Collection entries

※ ※ ※

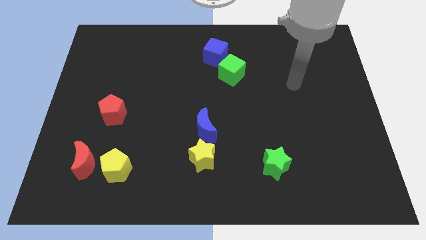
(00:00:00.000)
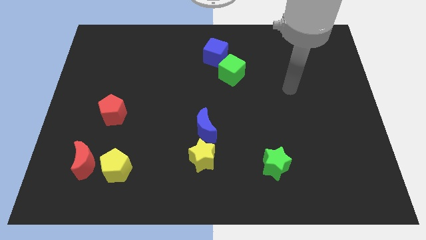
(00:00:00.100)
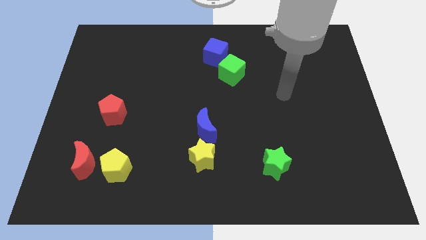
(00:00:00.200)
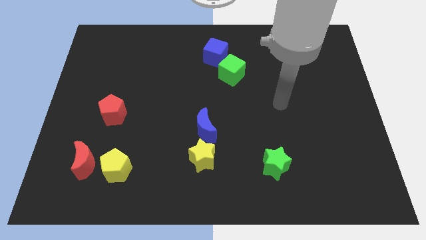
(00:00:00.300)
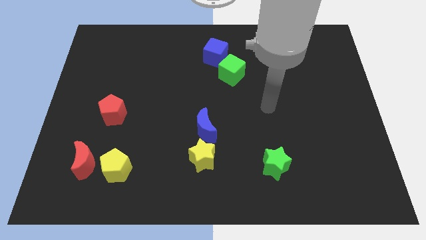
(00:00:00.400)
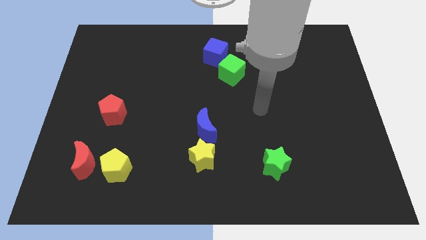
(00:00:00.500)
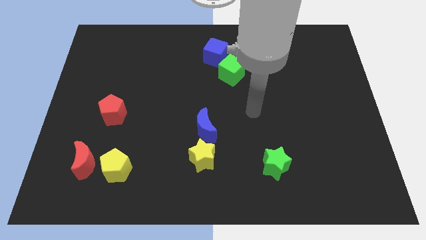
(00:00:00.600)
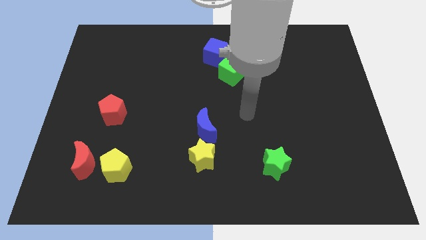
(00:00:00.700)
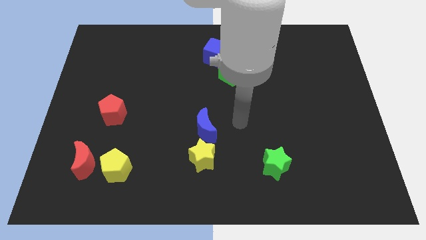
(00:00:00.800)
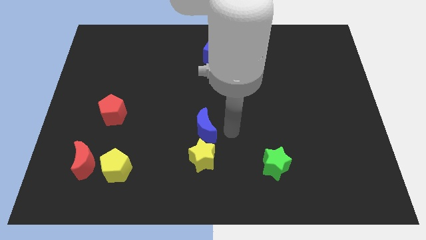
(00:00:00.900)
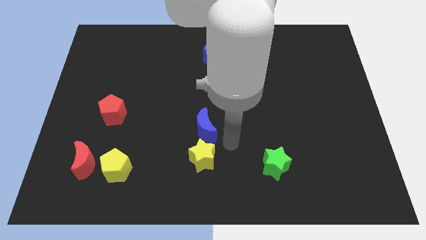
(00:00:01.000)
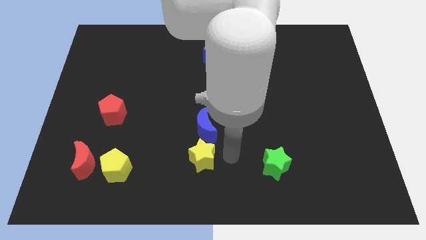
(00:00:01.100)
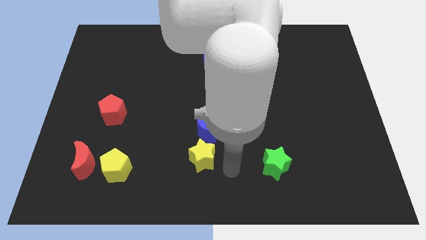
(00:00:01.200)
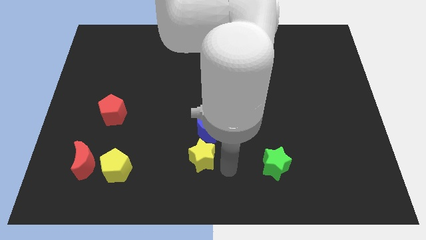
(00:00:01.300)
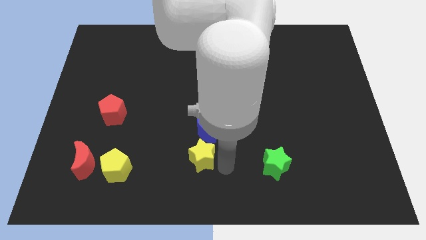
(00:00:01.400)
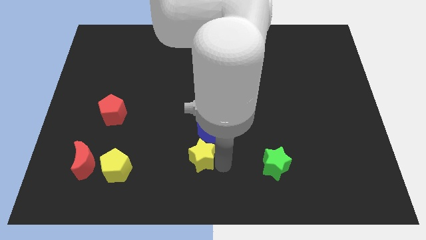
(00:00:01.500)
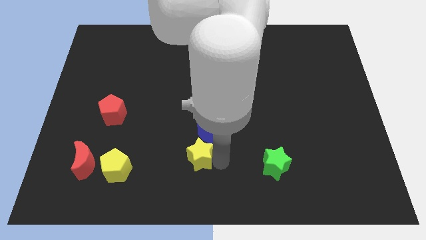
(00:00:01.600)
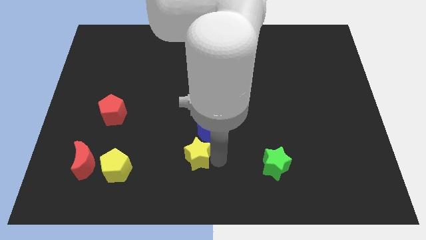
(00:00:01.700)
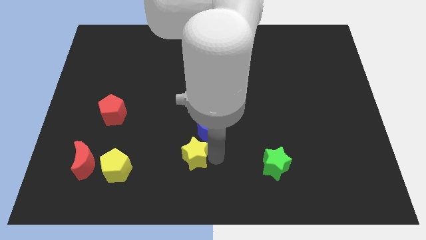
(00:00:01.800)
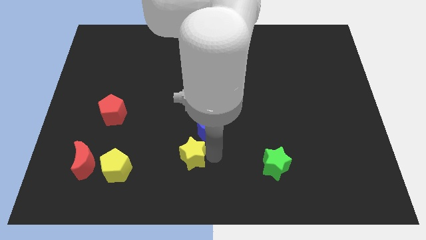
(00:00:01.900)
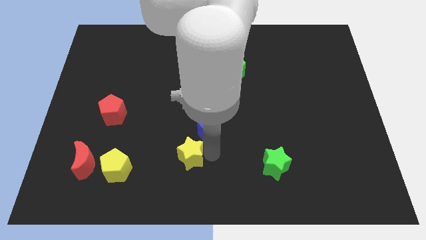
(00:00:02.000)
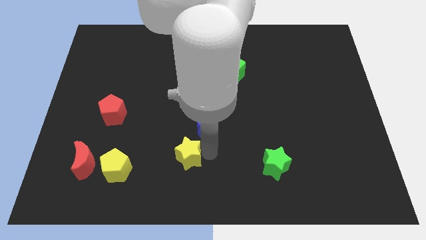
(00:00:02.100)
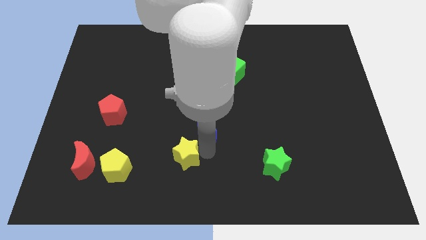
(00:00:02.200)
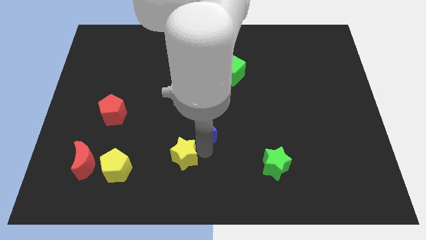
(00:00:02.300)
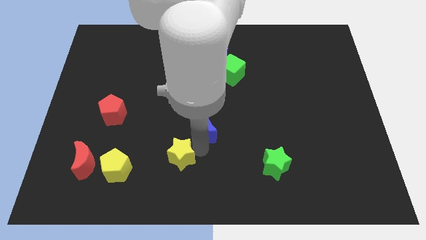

※ ※ ※

Task brief. Lines starting at the one with "(00:00:00.300)" and ending at the last line of the entries above must be restated word for word, with pictures omitted.

Output for this task.
(00:00:00.300)
(00:00:00.400)
(00:00:00.500)
(00:00:00.600)
(00:00:00.700)
(00:00:00.800)
(00:00:00.900)
(00:00:01.000)
(00:00:01.100)
(00:00:01.200)
(00:00:01.300)
(00:00:01.400)
(00:00:01.500)
(00:00:01.600)
(00:00:01.700)
(00:00:01.800)
(00:00:01.900)
(00:00:02.000)
(00:00:02.100)
(00:00:02.200)
(00:00:02.300)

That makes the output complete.